▶ _YOUR ASSIGNMENT_
Across the data below, state how many lines hold "width", and reply with nothing but that number.

▶ _DATA SUPPLIED_
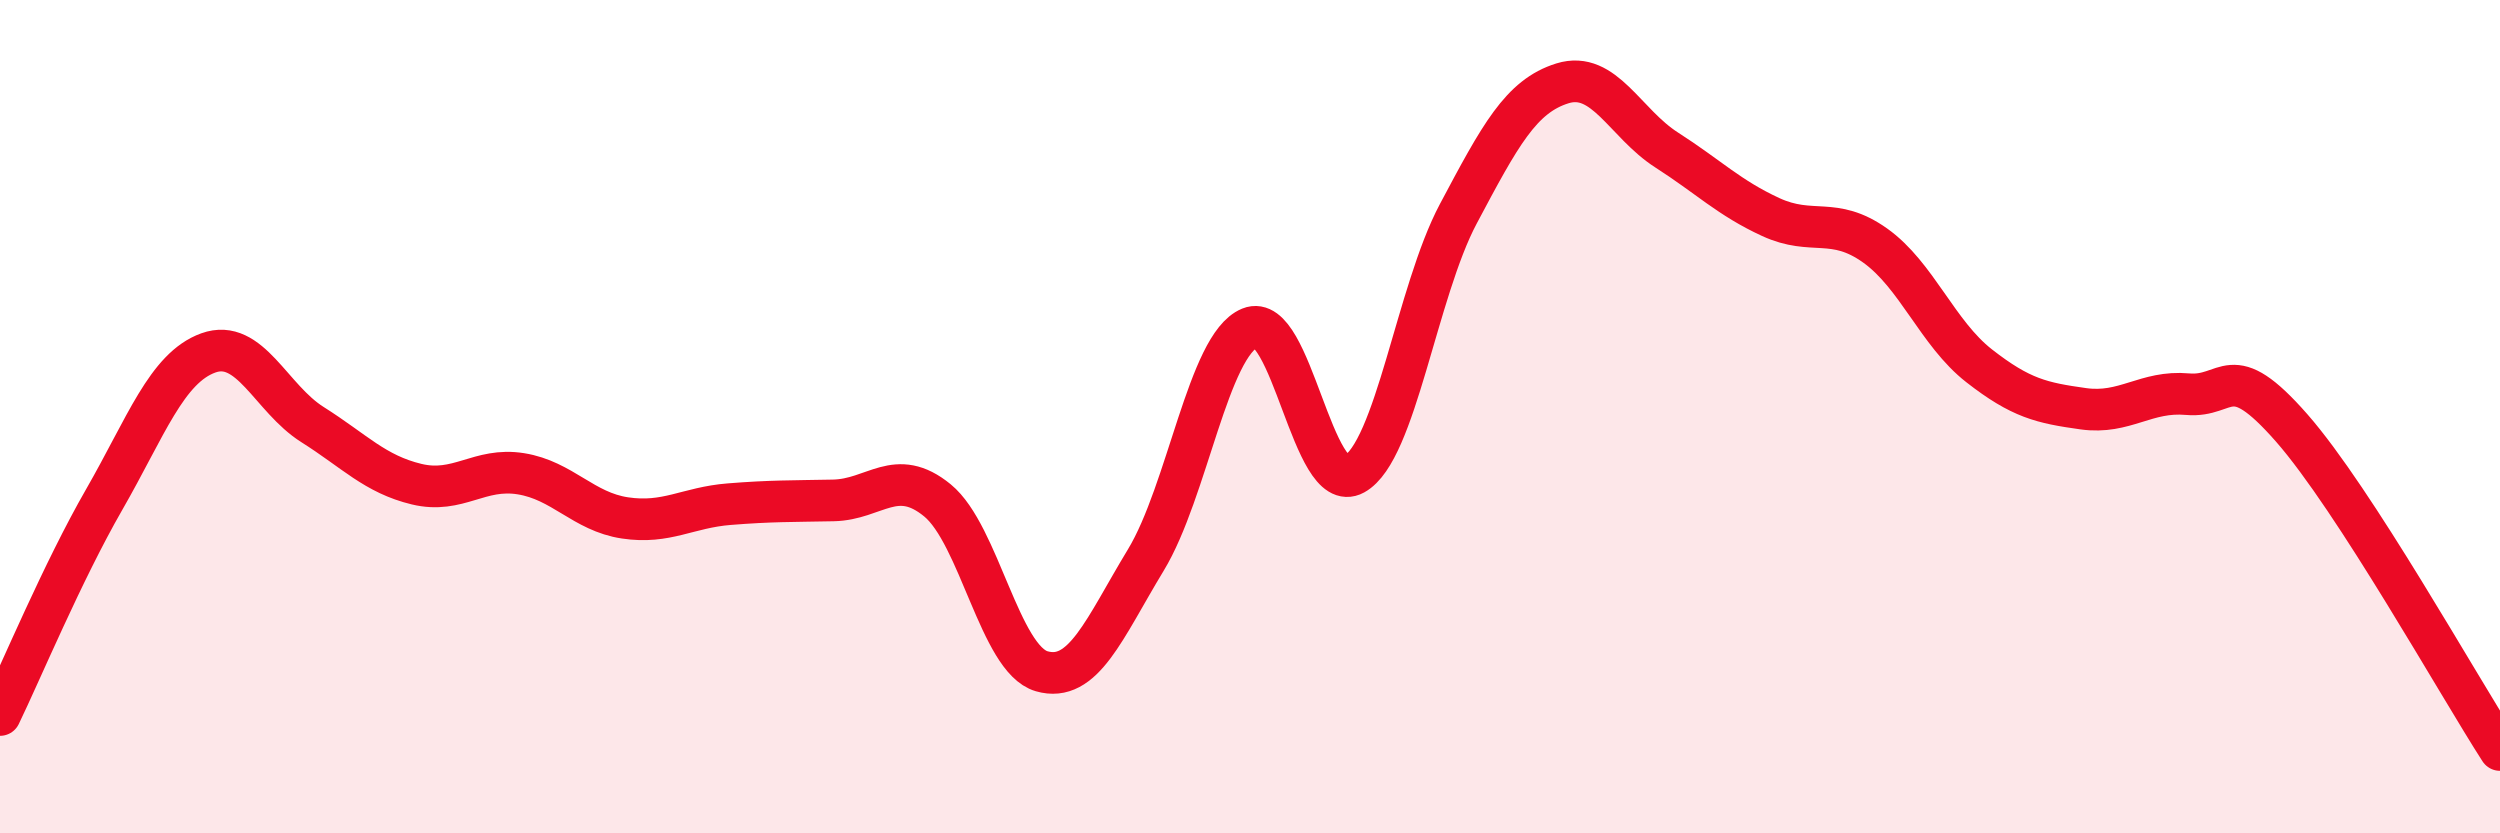 
    <svg width="60" height="20" viewBox="0 0 60 20" xmlns="http://www.w3.org/2000/svg">
      <path
        d="M 0,17.16 C 0.5,16.13 1.5,13.73 2.5,11.99 C 3.5,10.25 4,8.83 5,8.47 C 6,8.11 6.5,9.56 7.5,10.19 C 8.5,10.82 9,11.38 10,11.62 C 11,11.86 11.5,11.21 12.5,11.37 C 13.5,11.53 14,12.28 15,12.43 C 16,12.58 16.5,12.18 17.5,12.1 C 18.5,12.02 19,12.03 20,12.01 C 21,11.99 21.5,11.19 22.5,12.01 C 23.5,12.83 24,15.82 25,16.11 C 26,16.4 26.5,15.09 27.5,13.44 C 28.5,11.79 29,8.28 30,7.87 C 31,7.46 31.5,11.93 32.5,11.38 C 33.5,10.83 34,7.01 35,5.13 C 36,3.25 36.5,2.31 37.5,2 C 38.5,1.69 39,2.96 40,3.6 C 41,4.24 41.5,4.75 42.5,5.21 C 43.5,5.67 44,5.18 45,5.89 C 46,6.6 46.5,8 47.5,8.78 C 48.5,9.56 49,9.67 50,9.81 C 51,9.95 51.5,9.37 52.5,9.46 C 53.5,9.55 53.5,8.56 55,10.27 C 56.5,11.98 59,16.45 60,18L60 20L0 20Z"
        fill="#EB0A25"
        opacity="0.1"
        stroke-linecap="round"
        stroke-linejoin="round"
      />
      <path
        d="M 0,17.16 C 0.5,16.13 1.5,13.73 2.5,11.99 C 3.5,10.25 4,8.83 5,8.47 C 6,8.11 6.5,9.56 7.5,10.19 C 8.5,10.82 9,11.38 10,11.62 C 11,11.86 11.5,11.21 12.5,11.37 C 13.5,11.53 14,12.28 15,12.43 C 16,12.58 16.5,12.18 17.5,12.1 C 18.5,12.02 19,12.03 20,12.01 C 21,11.99 21.5,11.19 22.5,12.01 C 23.5,12.83 24,15.82 25,16.11 C 26,16.4 26.5,15.09 27.5,13.44 C 28.5,11.79 29,8.28 30,7.87 C 31,7.46 31.5,11.93 32.5,11.38 C 33.5,10.83 34,7.01 35,5.13 C 36,3.25 36.5,2.31 37.5,2 C 38.5,1.69 39,2.96 40,3.6 C 41,4.24 41.5,4.75 42.5,5.21 C 43.5,5.67 44,5.18 45,5.89 C 46,6.6 46.5,8 47.5,8.78 C 48.5,9.56 49,9.67 50,9.81 C 51,9.95 51.5,9.37 52.5,9.46 C 53.5,9.55 53.5,8.56 55,10.27 C 56.5,11.98 59,16.45 60,18"
        stroke="#EB0A25"
        stroke-width="1"
        fill="none"
        stroke-linecap="round"
        stroke-linejoin="round"
      />
    </svg>

▶ _EXERCISE RESULT_
2